Series: Julia Geary #2
By: Gwen Florio
Narrator: Hillary Huber 🎧
Dreamscape Media
ISBN: 9781639100682
Publisher: Crooked Lane Books
Publication Date: 12/06/2022
Format: Hardcover
My Rating: 5 Stars (ARC)
Searing social commentary meets chilling suspense as public defender Julia Geary takes a case destined to rock her small town to the core, for fans of John Lescroart.
Public defender Julia Geary’s star is rising, and now she’s got her first murder case defending local denizen Ray Belmar in the death of a homeless man. But Julia’s professional and personal challenges are mounting. First, she’s assigned an intern whose arrogance is insufferable. Then, her widowed mother-in-law, whose home Julia and her son Calvin share, announces her plans to re-marry, meaning they’ll have to find a new place to live. And to top things off, Julia’s boss removes her from the case, saying that she’s lost perspective, replacing her with an attorney who advises Ray to plead guilty.

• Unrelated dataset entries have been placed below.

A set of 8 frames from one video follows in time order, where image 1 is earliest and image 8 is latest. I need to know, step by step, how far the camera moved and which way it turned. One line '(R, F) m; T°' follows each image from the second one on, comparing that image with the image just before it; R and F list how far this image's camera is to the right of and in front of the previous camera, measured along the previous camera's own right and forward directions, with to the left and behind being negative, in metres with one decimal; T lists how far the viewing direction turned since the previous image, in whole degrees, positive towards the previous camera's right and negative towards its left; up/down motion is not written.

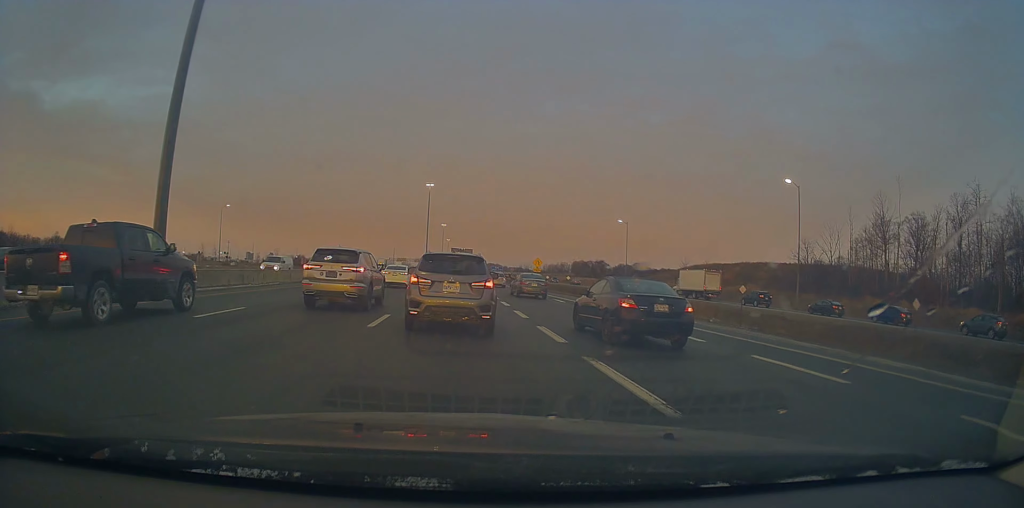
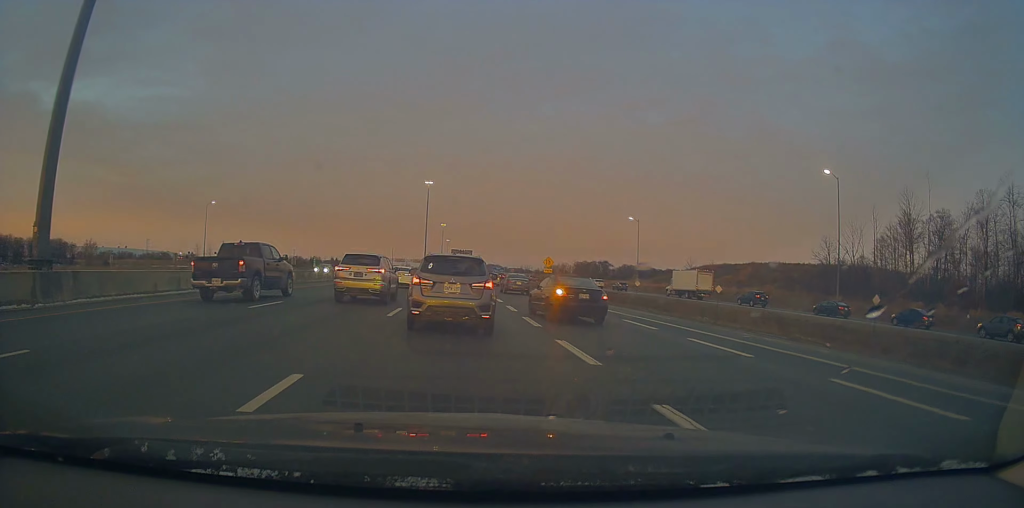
(-0.1, +9.1) m; 0°
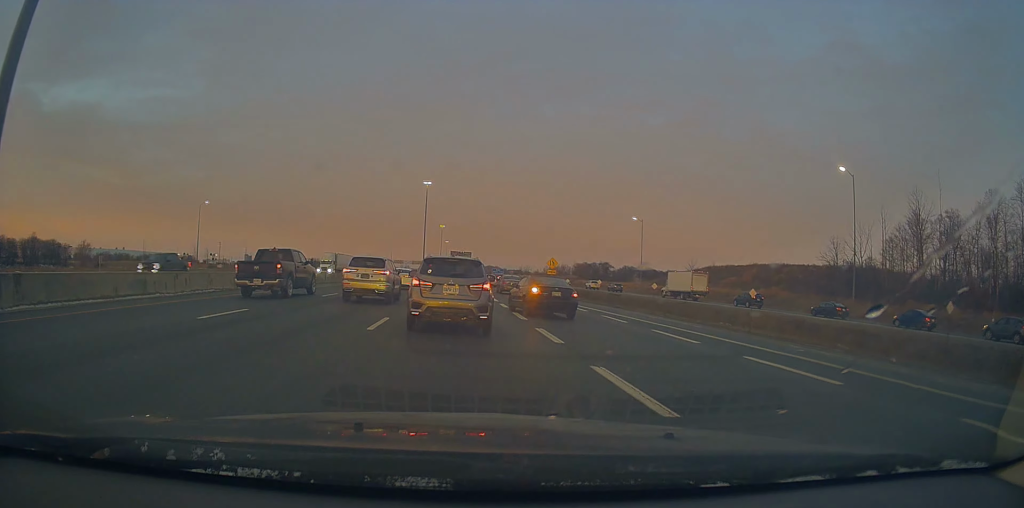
(+0.3, +3.3) m; -1°
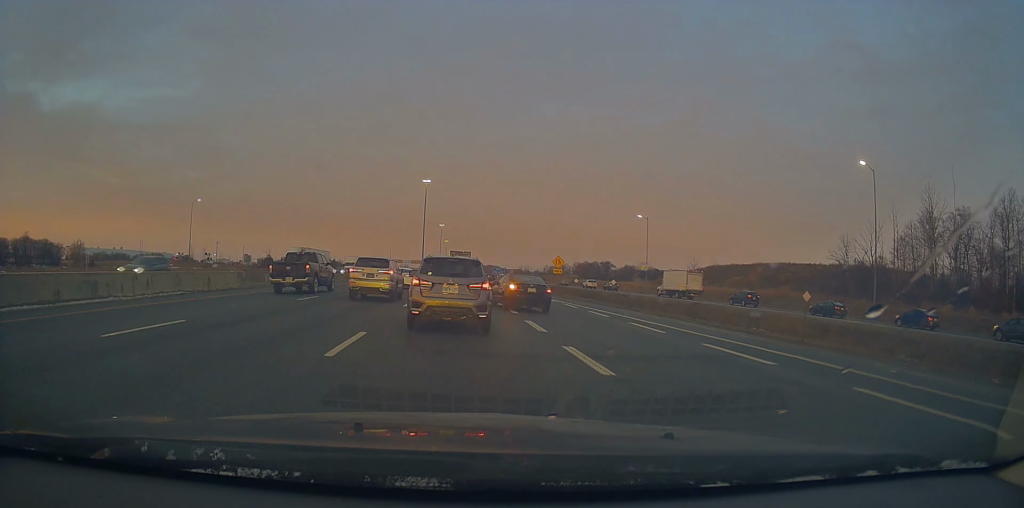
(-0.3, +3.6) m; -4°
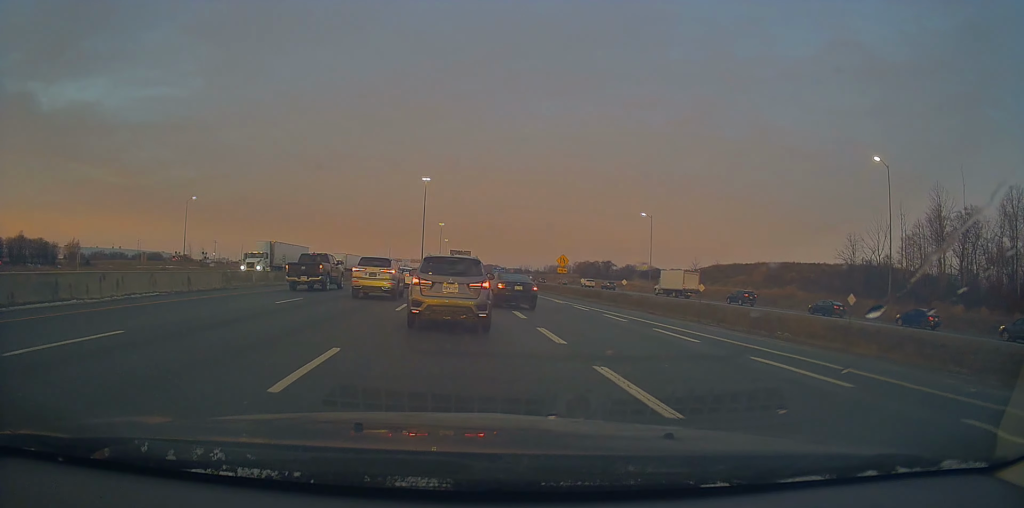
(-0.1, +2.3) m; -3°
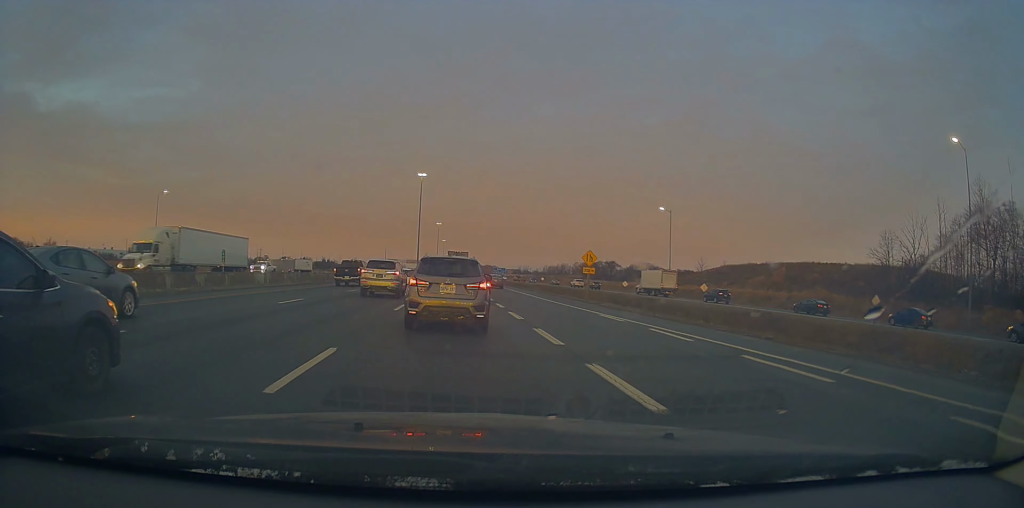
(+0.3, +11.8) m; +1°
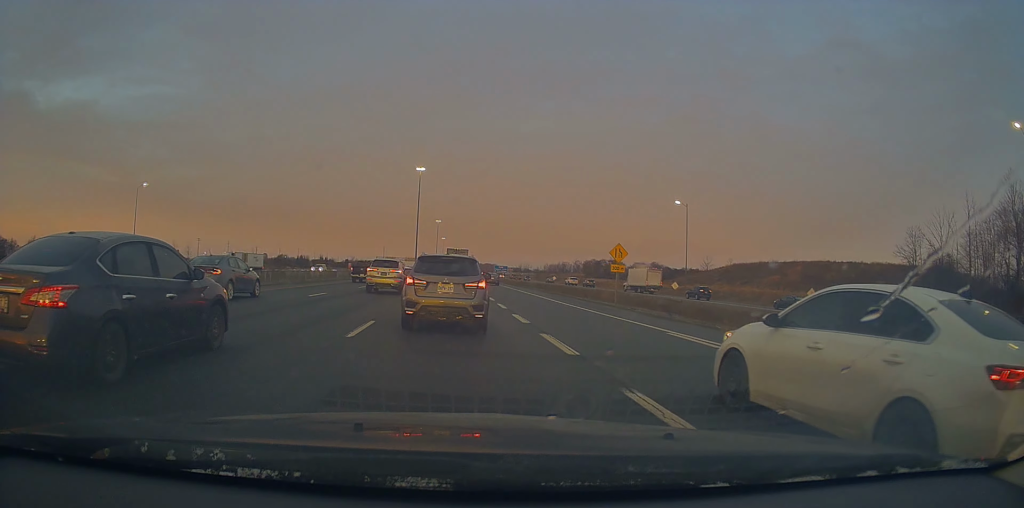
(+0.1, +7.7) m; +4°
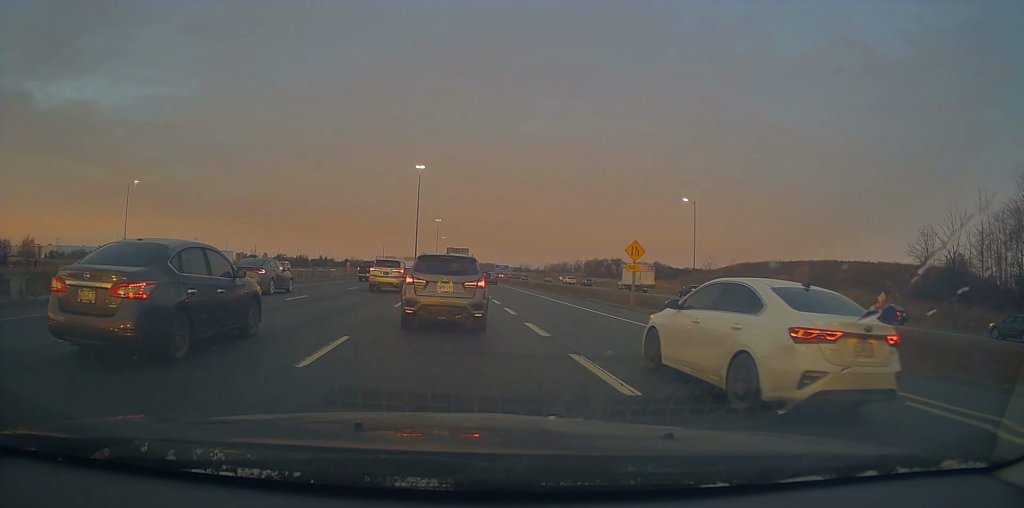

Julia can’t shake the suspicion that the murder, and the subsequent killing of a homeless woman, is linked to the death of a state legislator who had been crusading for political reform. With the help of Duck Creek’s homeless community and her old friend, Sheriff’s Deputy Wayne Peterson, she launches her investigation—but then the anonymous threats start pouring in.
Just as Julia begins to uncover the ways the system is shockingly stacked against those on the fringes of society, she makes an even more damning discovery. Someone close to her is harboring a dark secret they are desperate to protect—even if that means silencing Julia once and for all.
My Review
Gwen Florio returns following The Truth of It All with her popular Julia Geary series—THE LEAST AMONG US.
The dynamic public defender gets caught in the middle of her first murder case—from the homeless, corruption, politics, and dark secrets in her fight for justice in this riveting legal suspense crime thriller.
Julia gets her first murder case defending a man, Ray Belmar she has represented many times. He may be many things, but she knows he is not a murderer. He is accused of murdering a homeless man.
Julia has a lot going on in her personal life, and her professional life is getting more complex. Her husband was killed in Iraq, and she has been living with her mother-in-law and is getting married, so now she needs a new place to live.
Her dating life (Dom, the Duck Creek Principal) and the only man she had dated since Michael's death has come to a halt when his daughter walked in on them, and the mother wants custody. It was hard to fit in dating when she also has a young son.
Plus, she has a new intern she is not wild about, Marie St. Clair. However, before the book ends, she may change her mind about her.
Julia had not seen a homicide case in the five years she had worked in the Public Defender's office. And to top things off, Julia’s boss removes her from the case, saying that she’s lost perspective, replacing her with an attorney who advises Ray to plead guilty.
She is tenacious and must solve this case. Something sinister is going on, but she needs to do more digging. Then another killing of a homeless woman linked to a state legislator's death.
She starts asking questions in the homeless community down by the river and the help of a friend, Sherriff Deputy Wayne Peterson; however, when she gets too close to discovering the truth, there are threats. Someone wants to silence her. Someone is using Ray to cover their tracks.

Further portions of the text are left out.